Homework should be turned in at the BEGINNING OF CLASS. All problem numbers refer to Bilodeau and Thie's book, the required text for the course. You should write up solutions neatly to all problems, paying particular attention to your arguments and proofs. A nonempty subset will be graded. You are strongly encouraged to work on these problems with other classmates, although the solutions you turn in should be your own work.
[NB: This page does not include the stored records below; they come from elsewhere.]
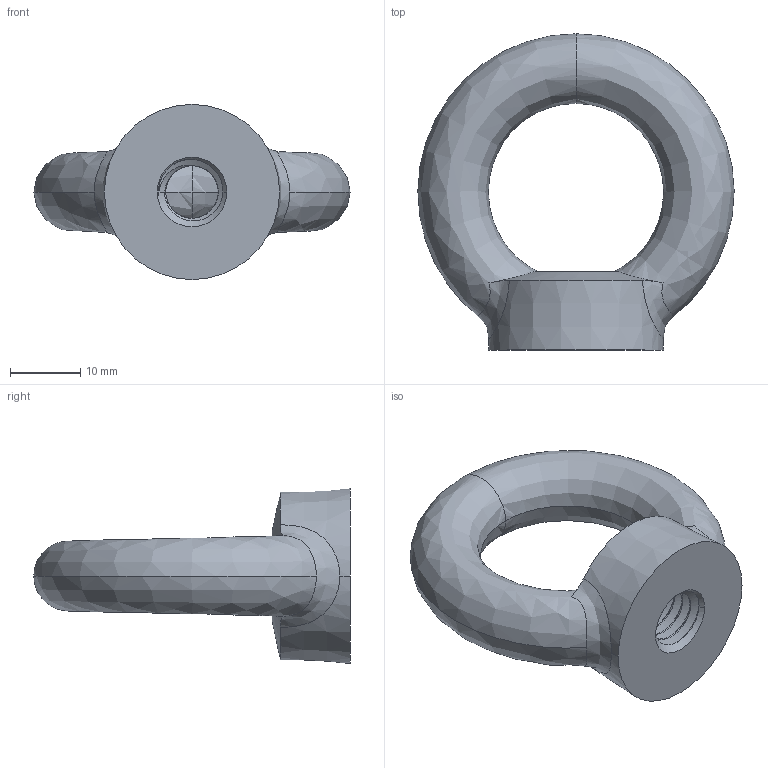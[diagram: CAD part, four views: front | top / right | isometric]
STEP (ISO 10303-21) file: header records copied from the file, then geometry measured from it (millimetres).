
FILE_DESCRIPTION (( 'STEP AP203' ), '1' );
FILE_NAME ('3112T33.step', '2014-04-15T17:10:17', ( 't2jrg' ), ( '' ), 'SwSTEP 2.0', 'SolidWorks 2010', '' );
FILE_SCHEMA (( 'CONFIG_CONTROL_DESIGN' ));
Length unit declared in the file: inch
Products named in the file (1): 3112T33
Bounding box: 44.96 x 44.96 x 24.89 mm (x, y, z)
Volume: 11515.7 mm3; surface area: 4713.1 mm2
Topology: 1 solids, 1 shells, 35 faces, 102 edges, 67 vertices
Faces by surface type: cylinder 15, cone 9, bspline 9, plane 2
Entity records: 3891 total; most frequent: CARTESIAN_POINT 3057, ORIENTED_EDGE 204, DIRECTION 105, EDGE_CURVE 102, VERTEX_POINT 67, AXIS2_PLACEMENT_3D 42, EDGE_LOOP 37, B_SPLINE_CURVE_WITH_KNOTS 35
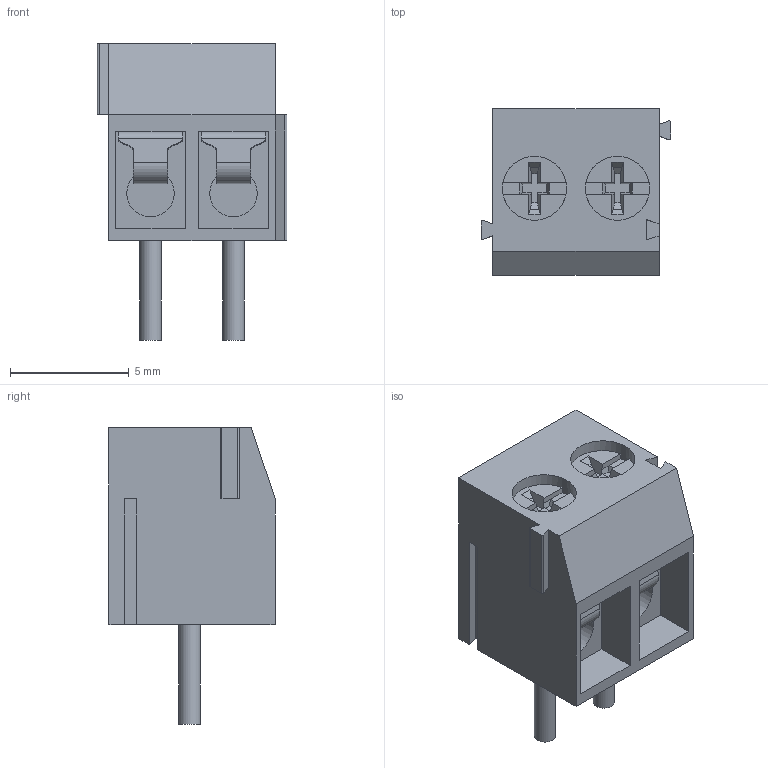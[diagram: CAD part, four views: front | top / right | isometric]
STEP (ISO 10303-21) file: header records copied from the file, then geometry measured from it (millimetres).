
FILE_DESCRIPTION(/* description */ (''),/* implementation_level */ '2;1');
FILE_NAME(/* name */ 'c-1776275-2-a-3d.step',/* time_stamp */ '2022-03-20T16:32:28+02:00',/* author */ (''),/* organization */ (''),/* preprocessor_version */ 'ST-DEVELOPER v18.1',/* originating_system */ 'Autodesk Translation Framework v10.13.0.1454',/* authorisation */ '');
FILE_SCHEMA (('AUTOMOTIVE_DESIGN { 1 0 10303 214 3 1 1 }'));
Length unit declared in the file: millimetre
Products named in the file (1): (Unsaved)
Bounding box: 8 x 7 x 12.5 mm (x, y, z)
Volume: 349.3 mm3; surface area: 468.6 mm2
Topology: 1 solids, 1 shells, 123 faces, 329 edges, 214 vertices
Faces by surface type: plane 101, cylinder 18, bspline 4
Full cylindrical faces by diameter (mm): 0.9 x2, 2 x2, 2.7 x2
Entity records: 3844 total; most frequent: CARTESIAN_POINT 719, ORIENTED_EDGE 658, DIRECTION 605, EDGE_CURVE 329, LINE 277, VECTOR 277, VERTEX_POINT 214, AXIS2_PLACEMENT_3D 164
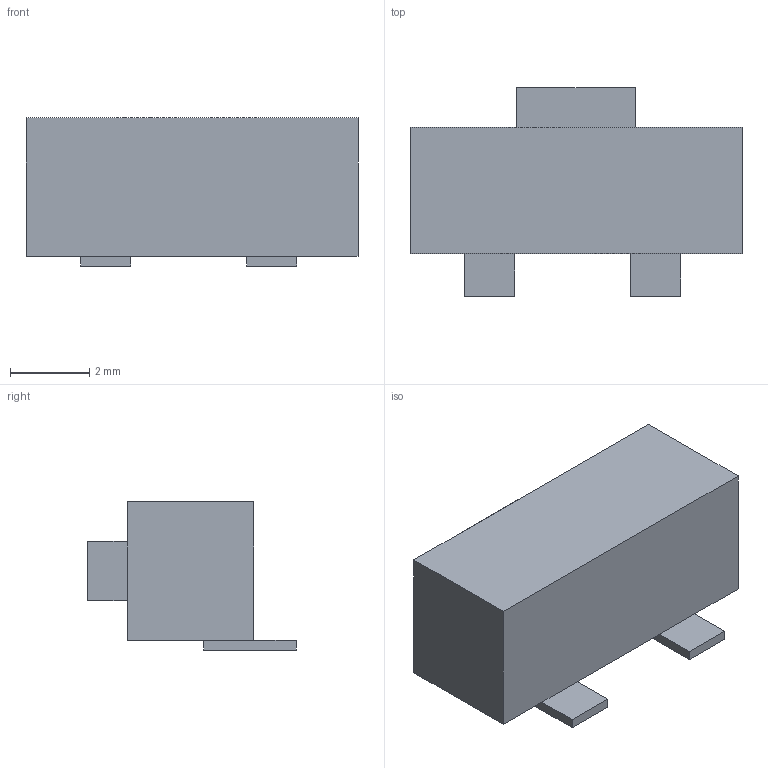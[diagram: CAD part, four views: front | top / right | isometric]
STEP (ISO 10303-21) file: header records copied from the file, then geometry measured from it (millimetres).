
FILE_DESCRIPTION(('FreeCAD Model'),'2;1');
FILE_NAME('Open CASCADE Shape Model','2024-05-21T18:00:46',(''),(''), 'Open CASCADE STEP processor 7.6','FreeCAD','Unknown');
FILE_SCHEMA(('AUTOMOTIVE_DESIGN { 1 0 10303 214 1 1 1 1 }'));
Length unit declared in the file: millimetre
Products named in the file (2): Part; Body
Assembly tree (1 placements, depth 2):
  Part
    Body
Bounding box: 8.4 x 5.28 x 3.75 mm (x, y, z)
Volume: 100.1 mm3; surface area: 153 mm2
Topology: 1 solids, 1 shells, 23 faces, 56 edges, 36 vertices
Faces by surface type: plane 23
Entity records: 698 total; most frequent: CARTESIAN_POINT 117, ORIENTED_EDGE 112, DIRECTION 106, EDGE_CURVE 56, LINE 56, VECTOR 56, VERTEX_POINT 36, AXIS2_PLACEMENT_3D 25
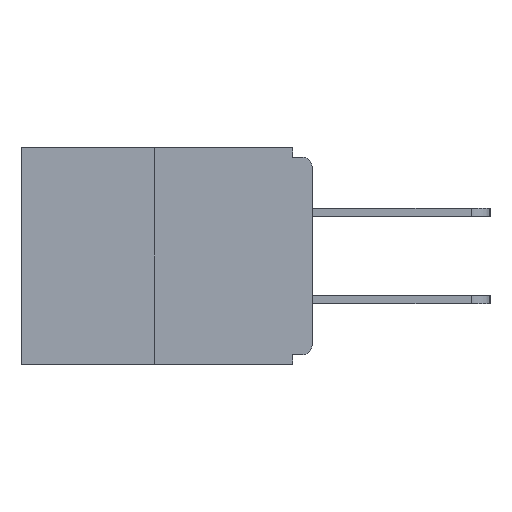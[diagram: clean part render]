
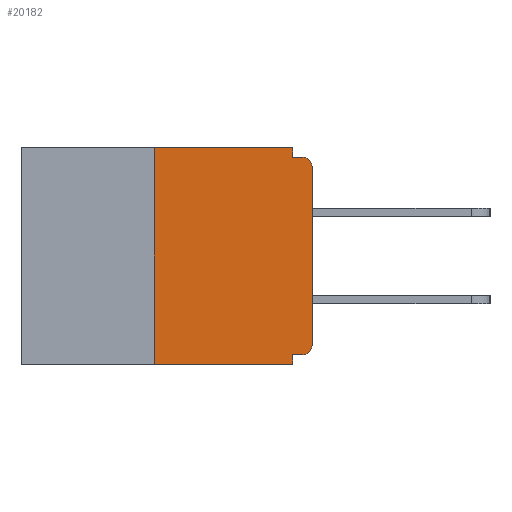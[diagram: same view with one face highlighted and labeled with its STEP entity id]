
A CAD part, left-side view. The second image highlights one B-rep face of the part: STEP entity #20182.
In plain terms, the highlighted planar face has unit normal (-1, 0, 0).
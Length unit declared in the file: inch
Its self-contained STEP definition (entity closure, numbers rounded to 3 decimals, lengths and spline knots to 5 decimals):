
#183 = EDGE_LOOP ( 'NONE', ( #20642, #10222, #20886, #9849, #459, #8627, #25591, #310, #27161, #23382 ) ) ;
#189 = VECTOR ( 'NONE', #15883, 39.37008 ) ;
#310 = ORIENTED_EDGE ( 'NONE', *, *, #25300, .T. ) ;
#382 = VECTOR ( 'NONE', #2540, 39.37008 ) ;
#459 = ORIENTED_EDGE ( 'NONE', *, *, #5655, .F. ) ;
#1511 = LINE ( 'NONE', #10058, #26479 ) ;
#1798 = AXIS2_PLACEMENT_3D ( 'NONE', #15803, #27269, #2921 ) ;
#2308 = VECTOR ( 'NONE', #26187, 39.37008 ) ;
#2493 = CARTESIAN_POINT ( 'NONE',  ( 0., 0.031, -0.015 ) ) ;
#2540 = DIRECTION ( 'NONE',  ( 0., -1., 0. ) ) ;
#2921 = DIRECTION ( 'NONE',  ( 0., 0., -1. ) ) ;
#3421 = DIRECTION ( 'NONE',  ( 0., 0., 1. ) ) ;
#3645 = DIRECTION ( 'NONE',  ( 0., 0., 1. ) ) ;
#3936 = CARTESIAN_POINT ( 'NONE',  ( 0., 0.031, -0.328 ) ) ;
#4085 = EDGE_CURVE ( 'NONE', #17110, #15023, #20650, .T. ) ;
#4404 = CIRCLE ( 'NONE', #13620, 0.015 ) ;
#4457 = EDGE_CURVE ( 'NONE', #13663, #23560, #4404, .T. ) ;
#4460 = EDGE_CURVE ( 'NONE', #23560, #19078, #25353, .T. ) ;
#4578 = DIRECTION ( 'NONE',  ( -1., 0., 0. ) ) ;
#4686 = CARTESIAN_POINT ( 'NONE',  ( 0., 0., -0.03 ) ) ;
#4961 = PLANE ( 'NONE',  #1798 ) ;
#5457 = VERTEX_POINT ( 'NONE', #17514 ) ;
#5655 = EDGE_CURVE ( 'NONE', #13663, #14244, #9651, .T. ) ;
#5859 = LINE ( 'NONE', #14673, #16595 ) ;
#5987 = VERTEX_POINT ( 'NONE', #12700 ) ;
#7375 = LINE ( 'NONE', #18654, #17778 ) ;
#7982 = CARTESIAN_POINT ( 'NONE',  ( 0., 0.015, -0.313 ) ) ;
#8279 = DIRECTION ( 'NONE',  ( 0., 0., -1. ) ) ;
#8540 = EDGE_CURVE ( 'NONE', #5987, #23407, #1511, .T. ) ;
#8627 = ORIENTED_EDGE ( 'NONE', *, *, #4457, .T. ) ;
#9651 = LINE ( 'NONE', #27338, #189 ) ;
#9849 = ORIENTED_EDGE ( 'NONE', *, *, #20957, .F. ) ;
#10058 = CARTESIAN_POINT ( 'NONE',  ( 0., 0.031, 0. ) ) ;
#10202 = CARTESIAN_POINT ( 'NONE',  ( 0., 0.015, -0.328 ) ) ;
#10222 = ORIENTED_EDGE ( 'NONE', *, *, #4085, .F. ) ;
#10306 = EDGE_CURVE ( 'NONE', #15023, #5987, #20047, .T. ) ;
#10430 = EDGE_CURVE ( 'NONE', #23407, #25005, #5859, .T. ) ;
#10563 = LINE ( 'NONE', #19397, #2308 ) ;
#12670 = DIRECTION ( 'NONE',  ( 0., 0., -1. ) ) ;
#12700 = CARTESIAN_POINT ( 'NONE',  ( 0., 0.031, 0. ) ) ;
#13620 = AXIS2_PLACEMENT_3D ( 'NONE', #7982, #25786, #8279 ) ;
#13663 = VERTEX_POINT ( 'NONE', #10202 ) ;
#14244 = VERTEX_POINT ( 'NONE', #3936 ) ;
#14673 = CARTESIAN_POINT ( 'NONE',  ( 0., 0., -0.015 ) ) ;
#15023 = VERTEX_POINT ( 'NONE', #24986 ) ;
#15574 = VECTOR ( 'NONE', #3421, 39.37008 ) ;
#15803 = CARTESIAN_POINT ( 'NONE',  ( 0., 0.46, 0. ) ) ;
#15883 = DIRECTION ( 'NONE',  ( 0., 1., 0. ) ) ;
#16017 = CARTESIAN_POINT ( 'NONE',  ( 0., 0.015, -0.015 ) ) ;
#16595 = VECTOR ( 'NONE', #18456, 39.37008 ) ;
#17110 = VERTEX_POINT ( 'NONE', #18783 ) ;
#17514 = CARTESIAN_POINT ( 'NONE',  ( 0., 0.031, -0.343 ) ) ;
#17757 = DIRECTION ( 'NONE',  ( 0., 0., -1. ) ) ;
#17778 = VECTOR ( 'NONE', #23411, 39.37008 ) ;
#18456 = DIRECTION ( 'NONE',  ( 0., -1., 0. ) ) ;
#18491 = CARTESIAN_POINT ( 'NONE',  ( 0., 0.25, 0. ) ) ;
#18654 = CARTESIAN_POINT ( 'NONE',  ( 0., 0.46, -0.343 ) ) ;
#18783 = CARTESIAN_POINT ( 'NONE',  ( 0., 0.25, -0.343 ) ) ;
#19078 = VERTEX_POINT ( 'NONE', #4686 ) ;
#19397 = CARTESIAN_POINT ( 'NONE',  ( 0., 0.031, -0.343 ) ) ;
#20047 = LINE ( 'NONE', #26720, #382 ) ;
#20182 = ADVANCED_FACE ( 'NONE', ( #22458 ), #4961, .F. ) ;
#20642 = ORIENTED_EDGE ( 'NONE', *, *, #10306, .F. ) ;
#20650 = LINE ( 'NONE', #18491, #15574 ) ;
#20886 = ORIENTED_EDGE ( 'NONE', *, *, #23099, .T. ) ;
#20957 = EDGE_CURVE ( 'NONE', #14244, #5457, #10563, .T. ) ;
#21555 = AXIS2_PLACEMENT_3D ( 'NONE', #26296, #4578, #17757 ) ;
#21839 = CARTESIAN_POINT ( 'NONE',  ( 0., 0., -0.313 ) ) ;
#21965 = VECTOR ( 'NONE', #3645, 39.37008 ) ;
#22458 = FACE_OUTER_BOUND ( 'NONE', #183, .T. ) ;
#23099 = EDGE_CURVE ( 'NONE', #17110, #5457, #7375, .T. ) ;
#23172 = CARTESIAN_POINT ( 'NONE',  ( 0., 0., 0. ) ) ;
#23382 = ORIENTED_EDGE ( 'NONE', *, *, #8540, .F. ) ;
#23407 = VERTEX_POINT ( 'NONE', #2493 ) ;
#23411 = DIRECTION ( 'NONE',  ( 0., -1., 0. ) ) ;
#23560 = VERTEX_POINT ( 'NONE', #21839 ) ;
#24986 = CARTESIAN_POINT ( 'NONE',  ( 0., 0.25, 0. ) ) ;
#25005 = VERTEX_POINT ( 'NONE', #16017 ) ;
#25300 = EDGE_CURVE ( 'NONE', #19078, #25005, #26181, .T. ) ;
#25353 = LINE ( 'NONE', #23172, #21965 ) ;
#25591 = ORIENTED_EDGE ( 'NONE', *, *, #4460, .T. ) ;
#25786 = DIRECTION ( 'NONE',  ( -1., 0., 0. ) ) ;
#26181 = CIRCLE ( 'NONE', #21555, 0.015 ) ;
#26187 = DIRECTION ( 'NONE',  ( 0., 0., -1. ) ) ;
#26296 = CARTESIAN_POINT ( 'NONE',  ( 0., 0.015, -0.03 ) ) ;
#26479 = VECTOR ( 'NONE', #12670, 39.37008 ) ;
#26720 = CARTESIAN_POINT ( 'NONE',  ( 0., 0.46, 0. ) ) ;
#27161 = ORIENTED_EDGE ( 'NONE', *, *, #10430, .F. ) ;
#27269 = DIRECTION ( 'NONE',  ( 1., 0., 0. ) ) ;
#27338 = CARTESIAN_POINT ( 'NONE',  ( 0., 0., -0.328 ) ) ;

Problems: 1 (parts b, c, g, l), 11b, 11d
Hint: When computing the necessary limits in problem #1, try rearranging the expression to make use of limits we already know. For example, in 1a (not assigned) you could multiply top and bottom of the fraction by 2, and write a(x) = 2 times (sin 2x)/(2x). We then can apply the Big Limit Theorem to conclude lim x -> 0 of a(x) = 2.
Problems: 6, 12, 13, 17
Hint: Problem #13 is a standard problem in Dynamical Systems. For part (a), apply the IVT to the function g(x) = f(x) - x. You may assume that f(0) > 0 and f(1) < 1, otherwise the proof is trivial. (Why?) For part (b), draw a picture. Remember that for the True/False questions, if its True, give a proof, if its False, give a counterexample.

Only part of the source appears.